Beta agonists and asthma
A recent letter1 in the NZMJ advocated prescribing long-acting beta agonists (LABA) with care. The letter cited the recent meta-analysis of LABA which concluded that LABA were shown to increase severe and life-threatening asthma exacerbations as well as asthma-related deaths.2 A previous meta-analysis of beta agonists concluded that regular beta agonist use for at least 1 week resulted in tolerance to their effects and poorer disease control compared to placebo. Regular use of beta agonist increased airway inflammation and increased asthma exacerbations.3 The meta-analysis commented on the development of receptor desensitisation and down-regulation along with rebound bronchoconstriction after sudden withdrawal of beta agonists.3 It was concluded that “to date no randomised trials (of beta agonists in asthma) have demonstrated a reduction in disease progression or in mortality.”3
If short- and long-acting beta-agonists are associated with adverse outcomes such as increased airway inflammation; increased severe exacerbations of asthma, and increased deaths whilst lacking a convincing evidence base for use in chronic asthma, then perhaps we, as a profession, need to consider the apparent overuse of these therapies, and the related issue of continuing to ignore other promising approaches.
Are some of the latter overlooked because they are non-medication based? The Medical Council of New Zealand’s position statement regarding relationships between doctors and health-related commercial organisations acknowledges research showing that medical practitioners are influenced and biased by pharmaceutical company interactions.4
The meta-analysis referred to above observed that if a study were funded or sponsored by a pharmaceutical company it was more likely to conclude that beta-agonists were helpful (73%) whereas only 10% of studies not declaring such support concluded that beta agonists were helpful.3
It is our view that management of asthma is potentially improved by considering other perspectives on the problem. While “inflammation of the airways” has preoccupied mainstream understanding, perhaps it is not the whole answer.
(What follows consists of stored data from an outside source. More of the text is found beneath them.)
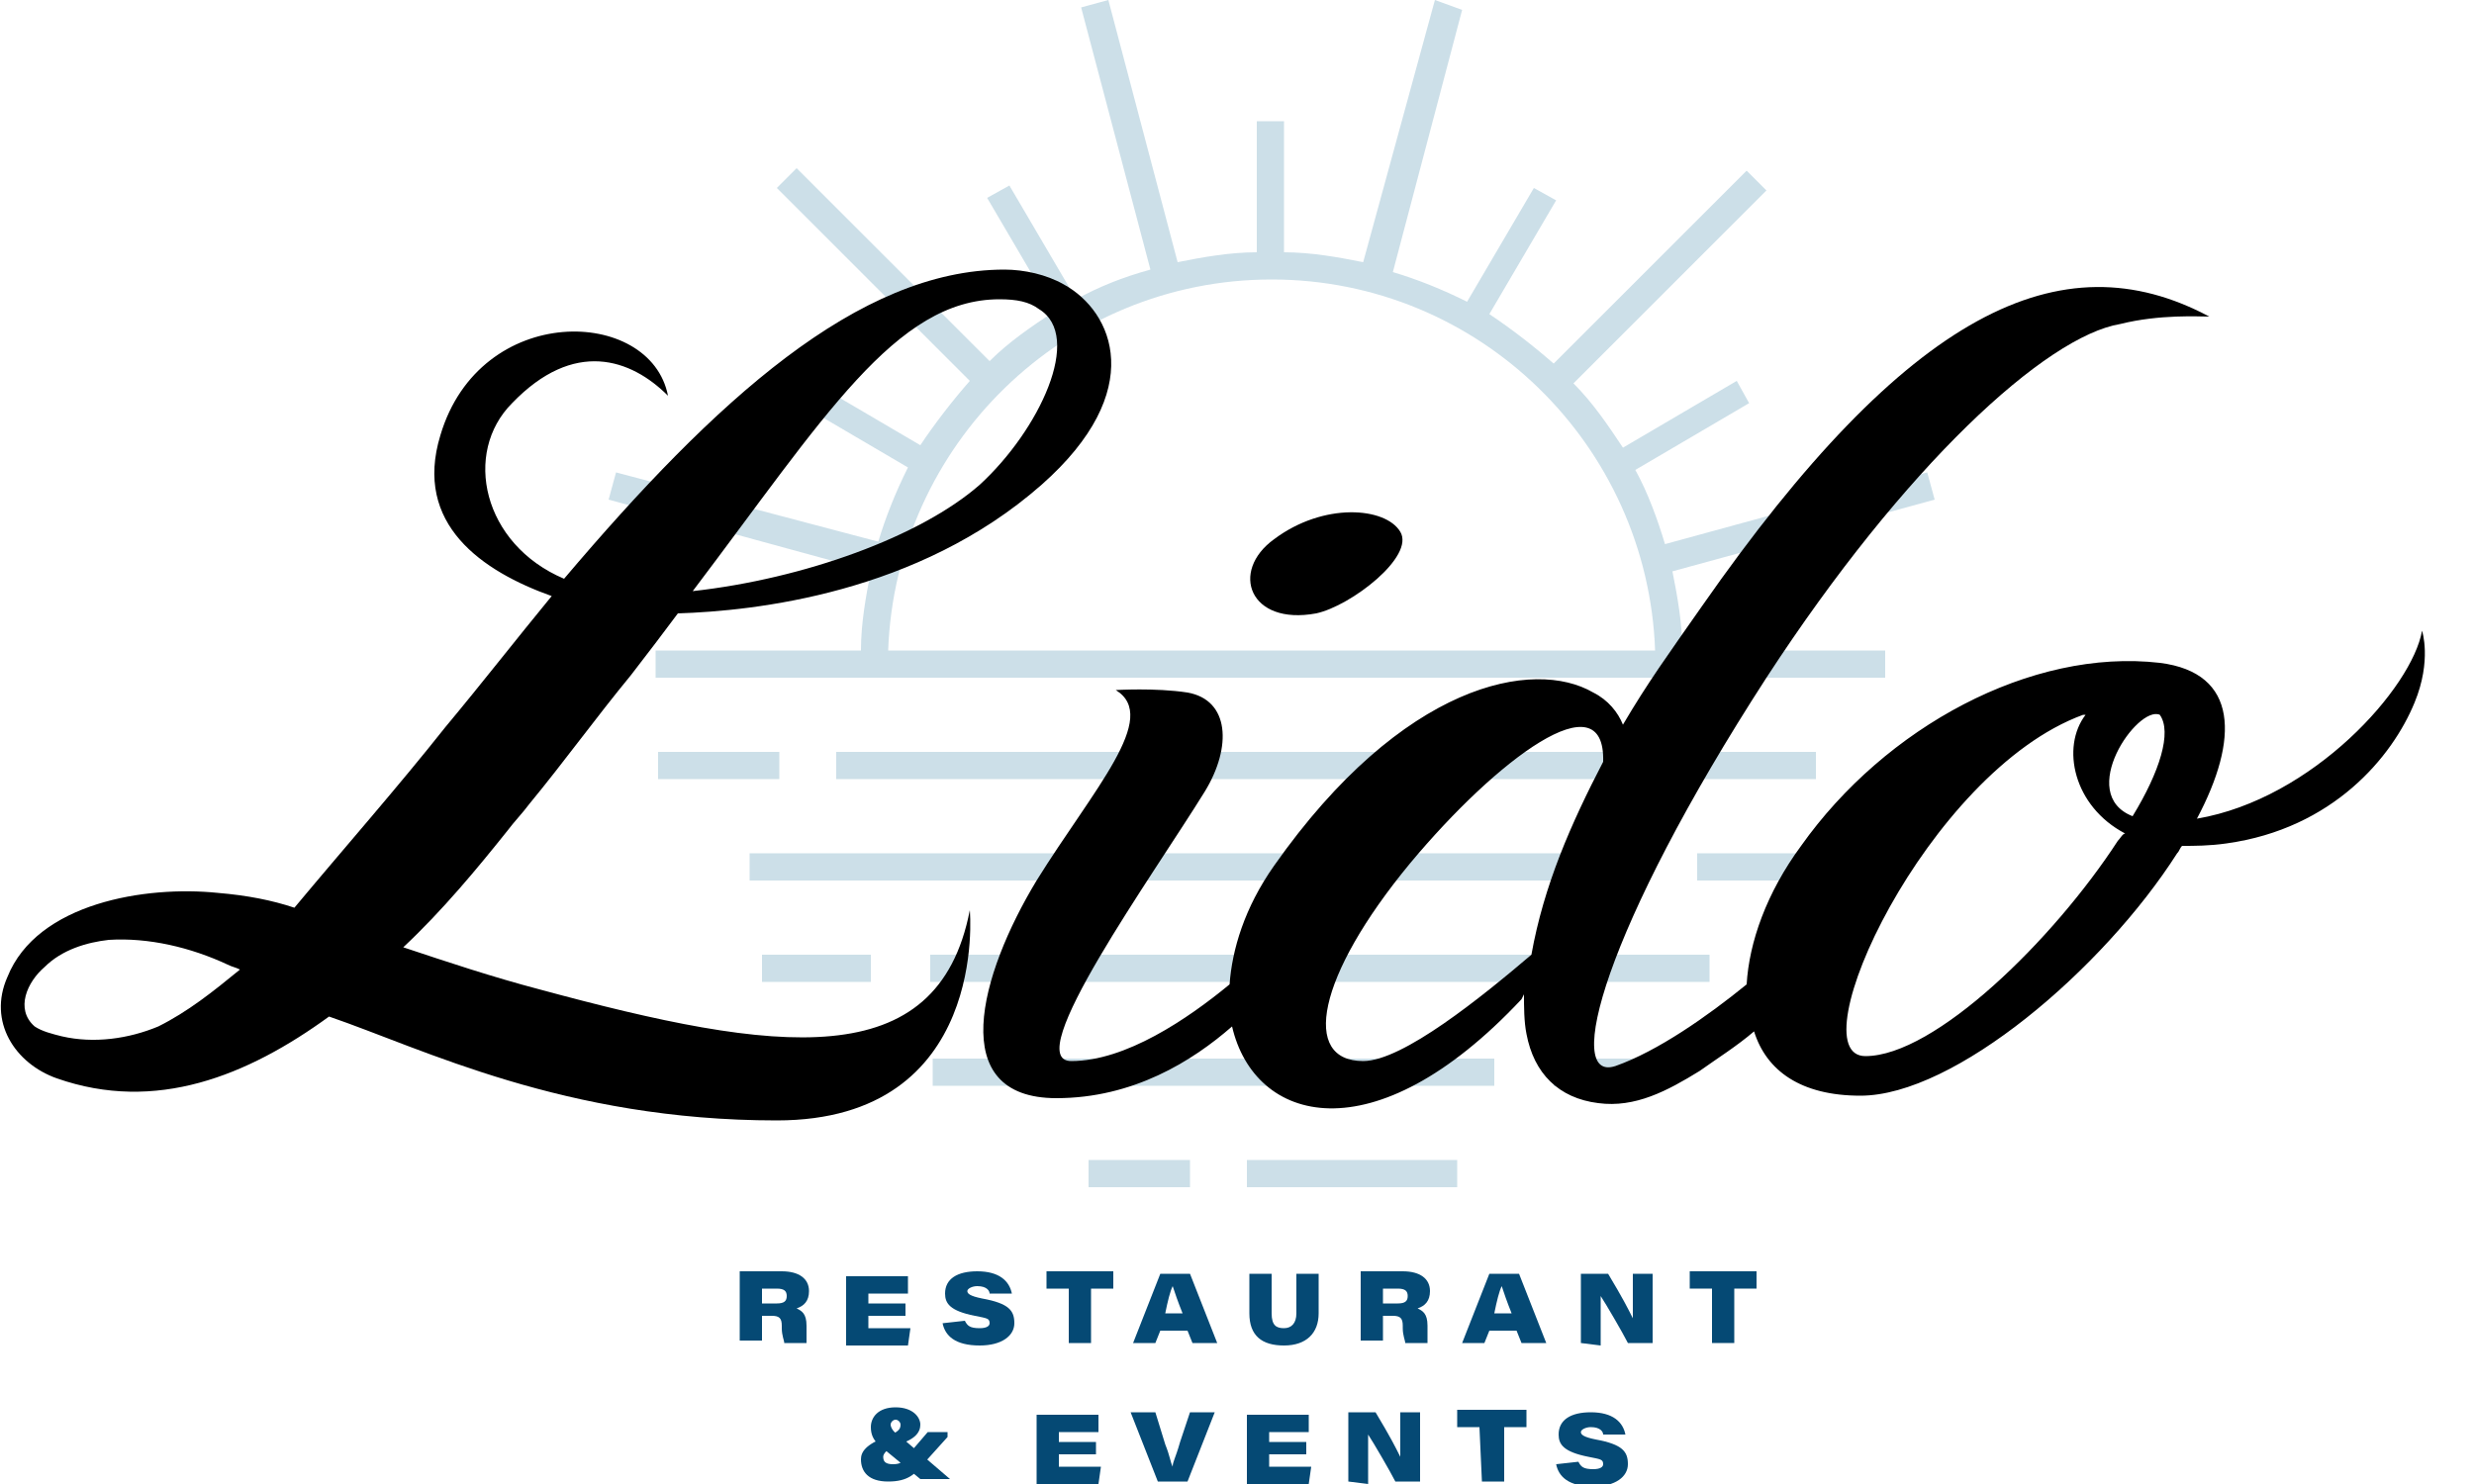 <?xml version="1.0" encoding="utf-8"?>
<!-- Generator: Adobe Illustrator 25.3.1, SVG Export Plug-In . SVG Version: 6.00 Build 0)  -->
<svg version="1.1" id="Layer_1" xmlns="http://www.w3.org/2000/svg" xmlns:xlink="http://www.w3.org/1999/xlink" x="0px" y="0px"
	 viewBox="0 0 100 60" style="enable-background:new 0 0 100 60;" xml:space="preserve">
<style type="text/css">
	.st0{fill:#054974;}
	.st1{opacity:0.2;}
	.st2{fill:#005F8D;}
</style>
<g>
	<g>
		<path class="st0" d="M30.8,53.2v1h-0.9v-2.8h1.7c0.7,0,1.1,0.3,1.1,0.8c0,0.4-0.2,0.6-0.5,0.7c0.2,0.1,0.4,0.2,0.4,0.7v0.2
			c0,0.2,0,0.4,0,0.5h-0.9c0-0.1-0.1-0.3-0.1-0.6v-0.1c0-0.3-0.1-0.4-0.4-0.4C31.2,53.2,30.8,53.2,30.8,53.2z M30.8,52.7h0.6
			c0.3,0,0.4-0.1,0.4-0.3s-0.1-0.3-0.4-0.3h-0.6V52.7z"/>
		<path class="st0" d="M36.6,53.2h-1.5v0.5h1.7l-0.1,0.7h-2.5v-2.8h2.5v0.7h-1.6v0.4h1.5C36.6,52.7,36.6,53.2,36.6,53.2z"/>
		<path class="st0" d="M39,53.4c0.1,0.2,0.2,0.3,0.6,0.3c0.3,0,0.4-0.1,0.4-0.2c0-0.2-0.1-0.2-0.6-0.3c-1-0.2-1.2-0.5-1.2-0.9
			c0-0.6,0.5-0.9,1.3-0.9c0.9,0,1.3,0.4,1.4,0.9H40c0-0.1-0.1-0.3-0.5-0.3c-0.2,0-0.4,0.1-0.4,0.2c0,0.1,0.1,0.2,0.6,0.3
			c1.1,0.2,1.3,0.5,1.3,1s-0.5,0.9-1.4,0.9c-1,0-1.4-0.4-1.5-0.9L39,53.4L39,53.4z"/>
		<path class="st0" d="M43.2,52.1h-0.9v-0.7H45v0.7h-0.9v2.2h-0.9C43.2,54.3,43.2,52.1,43.2,52.1z"/>
		<path class="st0" d="M46.9,53.8l-0.2,0.5h-0.9l1.1-2.8h1.2l1.1,2.8h-1L48,53.8H46.9z M47.8,53.1c-0.2-0.5-0.3-0.8-0.4-1.1l0,0
			c-0.1,0.2-0.2,0.6-0.3,1.1H47.8z"/>
		<path class="st0" d="M51.4,51.5v1.6c0,0.5,0.2,0.6,0.5,0.6s0.5-0.2,0.5-0.6v-1.6h0.9v1.6c0,0.8-0.5,1.3-1.4,1.3s-1.4-0.4-1.4-1.3
			v-1.6H51.4z"/>
		<path class="st0" d="M55.9,53.2v1H55v-2.8h1.7c0.7,0,1.1,0.3,1.1,0.8c0,0.4-0.2,0.6-0.5,0.7c0.2,0.1,0.4,0.2,0.4,0.7v0.2
			c0,0.2,0,0.4,0,0.5h-0.9c0-0.1-0.1-0.3-0.1-0.6v-0.1c0-0.3-0.1-0.4-0.4-0.4C56.3,53.2,55.9,53.2,55.9,53.2z M55.9,52.7h0.6
			c0.3,0,0.4-0.1,0.4-0.3s-0.1-0.3-0.4-0.3h-0.6V52.7z"/>
		<path class="st0" d="M60.2,53.8L60,54.3h-0.9l1.1-2.8h1.2l1.1,2.8h-1l-0.2-0.5H60.2z M61.1,53.1c-0.2-0.5-0.3-0.8-0.4-1.1l0,0
			c-0.1,0.2-0.2,0.6-0.3,1.1H61.1z"/>
		<path class="st0" d="M63.9,54.3v-2.8H65c0.6,1,0.8,1.4,1,1.8l0,0c0-0.3,0-0.8,0-1.3v-0.5h0.8v2.8h-1c-0.2-0.4-0.9-1.6-1.1-1.9l0,0
			c0,0.3,0,0.7,0,1.3v0.7L63.9,54.3L63.9,54.3z"/>
		<path class="st0" d="M69.2,52.1h-0.9v-0.7H71v0.7h-0.9v2.2h-0.9V52.1z"/>
		<path class="st0" d="M38.3,58.1l-0.9,1c-0.4,0.5-0.7,0.8-1.5,0.8s-1.1-0.4-1.1-0.9c0-0.3,0.2-0.6,1-0.9c0.5-0.2,0.6-0.3,0.6-0.5
			c0-0.1-0.1-0.2-0.2-0.2c-0.1,0-0.2,0.1-0.2,0.2c0,0.1,0.1,0.3,0.3,0.4l2.1,1.8h-1.2l-1.7-1.4c-0.2-0.2-0.3-0.4-0.3-0.7
			c0-0.4,0.3-0.8,1-0.8s1,0.4,1,0.7s-0.2,0.6-0.9,0.8c-0.5,0.2-0.6,0.4-0.6,0.5c0,0.2,0.1,0.3,0.4,0.3c0.3,0,0.5-0.1,0.8-0.6
			l0.6-0.7h0.8V58.1z"/>
		<path class="st0" d="M44.3,58.8h-1.5v0.5h1.7L44.4,60h-2.5v-2.8h2.5v0.7h-1.6v0.4h1.5C44.3,58.3,44.3,58.8,44.3,58.8z"/>
		<path class="st0" d="M46.8,59.9l-1.1-2.8h1l0.4,1.3c0.2,0.5,0.2,0.7,0.3,0.9l0,0c0-0.2,0.1-0.3,0.3-1l0.4-1.2h1L48,59.9H46.8z"/>
		<path class="st0" d="M52.8,58.8h-1.5v0.5H53L52.9,60h-2.5v-2.8h2.5v0.7h-1.6v0.4h1.5C52.8,58.3,52.8,58.8,52.8,58.8z"/>
		<path class="st0" d="M54.5,59.9v-2.8h1.1c0.6,1,0.8,1.4,1,1.8l0,0c0-0.3,0-0.8,0-1.3v-0.5h0.8v2.8h-1c-0.2-0.4-0.9-1.6-1.1-1.9
			l0,0c0,0.3,0,0.7,0,1.3V60L54.5,59.9L54.5,59.9z"/>
		<path class="st0" d="M59.8,57.7h-0.9V57h2.8v0.7h-0.9v2.2h-0.9L59.8,57.7L59.8,57.7z"/>
		<path class="st0" d="M63.8,59.1c0.1,0.2,0.2,0.3,0.6,0.3c0.3,0,0.4-0.1,0.4-0.2c0-0.2-0.1-0.2-0.6-0.3c-1-0.2-1.2-0.5-1.2-0.9
			c0-0.6,0.5-0.9,1.3-0.9c0.9,0,1.3,0.4,1.4,0.9h-0.9c0-0.1-0.1-0.3-0.5-0.3c-0.2,0-0.4,0.1-0.4,0.2c0,0.1,0.1,0.2,0.6,0.3
			c1.1,0.2,1.3,0.5,1.3,1s-0.5,0.9-1.4,0.9c-1,0-1.4-0.4-1.5-0.9L63.8,59.1L63.8,59.1z"/>
	</g>
	<g class="st1">
		<rect x="33.8" y="30.4" class="st2" width="39.6" height="1.1"/>
		<rect x="26.6" y="30.4" class="st2" width="4.9" height="1.1"/>
		<rect x="68.6" y="34.5" class="st2" width="4.6" height="1.1"/>
		<rect x="30.3" y="34.5" class="st2" width="35.9" height="1.1"/>
		<rect x="37.6" y="38.6" class="st2" width="31.5" height="1.1"/>
		<rect x="37.7" y="42.8" class="st2" width="22.7" height="1.1"/>
		<rect x="50.4" y="46.9" class="st2" width="8.5" height="1.1"/>
		<path class="st2" d="M78.2,20.2l-0.3-1.1L67.3,22c-0.3-1-0.7-2.1-1.2-3l4.6-2.7l-0.5-0.9l-4.6,2.7c-0.6-0.9-1.2-1.8-2-2.6l7.8-7.8
			l-0.8-0.8l-7.8,7.8c-0.8-0.7-1.7-1.4-2.6-2l2.7-4.6L62,7.6l-2.7,4.6c-1-0.5-2-0.9-3-1.2l2.8-10.6L58,0l-2.9,10.6
			c-1-0.2-2.1-0.4-3.2-0.4V4.9h-1.1v5.3c-1.1,0-2.2,0.2-3.2,0.4L44.8,0l-1.1,0.3l2.8,10.6c-1.1,0.3-2.1,0.7-3,1.2l-2.7-4.6L39.9,8
			l2.7,4.6c-0.9,0.6-1.8,1.2-2.6,2l-7.8-7.8l-0.8,0.8l7.8,7.8c-0.7,0.8-1.4,1.7-2,2.6l-4.6-2.7l-0.5,0.9l4.6,2.7c-0.5,1-0.9,2-1.2,3
			l-10.6-2.8l-0.3,1.1l10.6,2.9c-0.2,1-0.4,2.1-0.4,3.2h-8.3v1.1h49.7v-1.1H68c0-1.1-0.2-2.2-0.4-3.2L78.2,20.2z M35.9,26.3
			c0.3-8.3,7.1-15,15.5-15s15.2,6.7,15.5,15H35.9z"/>
		<rect x="30.8" y="38.6" class="st2" width="4.4" height="1.1"/>
		<rect x="62.8" y="42.8" class="st2" width="4.2" height="1.1"/>
		<rect x="44" y="46.9" class="st2" width="4.1" height="1.1"/>
	</g>
</g>
<g>
	<path d="M97.9,25.5c-0.4,2.3-4.4,6.8-9.1,7.6l0,0c1.7-3.2,1.7-5.9-1.5-6.3c-5.2-0.6-11.1,2.6-14.5,7.4c-1.4,1.9-2.1,3.9-2.2,5.6
		c-1.6,1.3-3.6,2.7-5.3,3.3c-2.1,0.7-0.5-5.5,6.1-15.7c5.6-8.6,11.3-13.8,14.3-14.3l0,0c1.6-0.4,3.2-0.3,3.6-0.3
		c-6-3.2-12.2-0.2-20.5,11.7c-1.4,2-2.2,3.1-3.2,4.8l0,0c-0.2-0.5-0.6-1-1.2-1.3c-2.4-1.4-7.7-0.4-12.9,7c-1.2,1.7-1.7,3.4-1.8,4.8
		c-1.7,1.4-4.2,3.1-6.4,3.1c-2.1,0,3.3-7.5,5.4-10.9c1.1-1.8,1-3.7-0.7-4c-1.3-0.2-2.9-0.1-2.9-0.1c1.8,1.1-0.9,4-3.2,7.7
		c-2.3,3.8-3.7,8.8,0.8,8.8c3.1,0,5.5-1.5,7.1-2.9c0.9,3.9,5.7,5.3,11.7-1.1l0.1-0.2l0,0c0,0.5,0,1.1,0.1,1.6
		c0.3,1.6,1.3,2.6,2.9,2.8c1.5,0.2,2.8-0.5,4.1-1.3c0.7-0.5,1.5-1,2.2-1.6c0.5,1.6,1.9,2.6,4.3,2.6c3.8,0,9.8-5.1,12.8-9.8
		c0.1-0.1,0.1-0.2,0.2-0.3c0.5,0,1.1,0,1.8-0.1c4.3-0.6,6.7-3.5,7.6-5.7C98.3,26.7,97.9,25.5,97.9,25.5z M55.1,42.9
		c-2.5,0-1.9-3.4,1.9-8c3.5-4.2,7.9-7.5,7.8-4.1c-1.3,2.5-2.4,5-2.9,7.8C59.9,40.3,56.7,42.9,55.1,42.9z M87.3,28.9L87.3,28.9
		L87.3,28.9c0.5,0.7,0,2.3-1.1,4.1l0,0C83.9,32.1,86.4,28.5,87.3,28.9z M85.6,34c-2.6,4-7.4,8.7-10.2,8.7c-2.8,0,2.5-11.5,8.8-13.8
		c0,0,0,0,0.1,0c-1,1.3-0.5,3.7,1.6,4.8C85.8,33.7,85.7,33.9,85.6,34z"/>
	<path d="M53.2,24.8c1.4-0.3,4-2.3,3.4-3.3s-3.1-1.2-5.1,0.3C49.7,23.1,50.5,25.3,53.2,24.8z"/>
	<path d="M21.8,40c-1.9-0.5-3.7-1.1-5.5-1.7c1.6-1.5,3-3.2,4.2-4.7c0.3-0.4,0.6-0.7,0.9-1.1c1.4-1.7,2.7-3.5,4.1-5.2
		c0.7-0.9,1.3-1.7,1.9-2.5c3.1-0.1,9.7-0.8,14.7-5.2c4.3-3.8,2.9-7,0.9-8.1l0,0c-0.7-0.4-1.6-0.6-2.4-0.6c-5.9,0-11.7,5.3-17.8,12.5
		c-3.3-1.4-4.1-5.1-2.1-7.1c2.5-2.6,4.8-1.8,6.3-0.3c-0.7-3.6-7.6-3.8-9.2,1.6c-1.1,3.6,1.7,5.5,4.5,6.5c-1.4,1.7-2.8,3.5-4.3,5.3
		c-1.9,2.4-4.1,4.9-6.1,7.3c-0.9-0.3-1.9-0.5-3.1-0.6c-2.9-0.3-7.3,0.4-8.5,3.4c-0.8,1.8,0.3,3.5,2,4.1c4,1.4,7.7-0.1,11-2.5l0,0
		c3.8,1.3,9.5,4.2,18.1,4.2s7.8-8.5,7.8-8.5C37.9,43.5,31.4,42.6,21.8,40z M40.4,12.1c0.7,0,1.2,0.1,1.6,0.4c1.8,1.1,0,4.9-2.4,7.1
		c-2.4,2.1-7.1,3.8-11.6,4.3C33.3,16.9,36.2,12.1,40.4,12.1z M6.4,41.5c-1.2,0.5-2.6,0.7-3.9,0.4c-0.4-0.1-0.8-0.2-1.1-0.4
		c-0.8-0.7-0.3-1.8,0.4-2.4c0.7-0.7,1.7-1,2.6-1.1c1.6-0.1,3.3,0.3,4.8,1c0.2,0.1,0.3,0.1,0.5,0.2C8.6,40.1,7.6,40.9,6.4,41.5z"/>
</g>
</svg>

Konstantin Buteyko observed that patients with asthma hyperventilated and hypothesised that the dysfunctional breathing caused the asthma, rather than the conventional view of the asthma causing hyperventilation. Buteyko then went on to develop what was later called the Buteyko Breathing Technique (BBT) claiming a positive therapeutic effect.5
The few published trials of BBT in adults with asthma have all found mean/median reductions in the order of 85% to 100% for beta agonist use and mean/median reductions of 40% to 50% for inhaled corticosteroid use whilst also decreasing symptoms and maintaining lung function.6–8 In children with asthma, a small case series had mean reductions of 66% for beta agonists and 41% for inhaled corticosteroids.9 BBT advice regarding medication use is consistent with the advice of the New Zealand Guidelines Group: to use beta agonists only when necessary with early use of inhaled (and/or oral) corticosteroids.10
While the mechanism of effect of BBT may not be accepted, or even thoroughly understood, it offers levels of impact that, if produced by a drug, would be adopted widely. Clearly, more research is urgently required before BBT or other breathing retraining approaches are incorporated, if appropriate, into the mainstream of asthma management to help reduce the mortality and morbidity resulting from beta agonist use.
Patrick McHugh
Clinical Director, Emergency Department
Gisborne Hospital, Gisborne
(mchugh@tdh.org.nz)
Bruce Duncan
Public Health Physician
Tairawhiti District Health, Gisborne
References:
  1. Crane J. Long-acting beta agonists—prescribe with care. N Z Med J. 2006; 119(1237). URL: http://www.nzma.org.nz/journal/119-1237/2064/
  2. Salpeter SR, Buckley NS, Ormiston TM, Salpeter EE. Meta-analysis: Effect of long-acting beta-agonists on severe asthma exacerbations and asthma-related deaths. Ann Intern Med. 2006;144:902–12. URL: http://www.annals.org/cgi/content/full/0000605-200606200-00126v1
  3. Salpeter SR, Ormiston TM, Salpeter EE. Meta-analysis: Respiratory tolerance to regular β2-agonist use in patients with asthma. Ann Intern Med. 2004;140:802–13. URL: http://www.annals.org/cgi/content/full/140/10/802
  4. Medical Council of New Zealand. Responsibilities in any relationships between doctors and health related commercial organizations. Wellington: MCNZ: December 2003. URL: http://www.mcnz.org.nz/portals/0/Guidance/Doctors%20and%20health%20related%20commercial%20organisations.pdf
  5. Buteyko Method: Butyeko Institute of Breathing and Health, Manuka, Australia. URL: http://www.buteyko.info/
  6. Bowler SD, Green A, Mitchell CA. Buteyko breathing technique in asthma: a blinded randomised controlled trial. Med J Aust. 1998;169:575–8. URL: http://www.mja.com.au/public/issues/xmas98/bowler/bowler.html
  7. McHugh P, Aitcheson F, Duncan B, Houghton F. Buteyko breathing technique for asthma: an effective intervention. N Z Med J. 2003;116(1187). URL: http://www.nzma.org.nz/journal/116-1187/710/
  8. Cooper S, Oborne J, Newton S, et al. Effect of two breathing exercises (Buteyko and pranayama) in asthma: a randomised controlled trial. Thorax. 2003;58:674–9.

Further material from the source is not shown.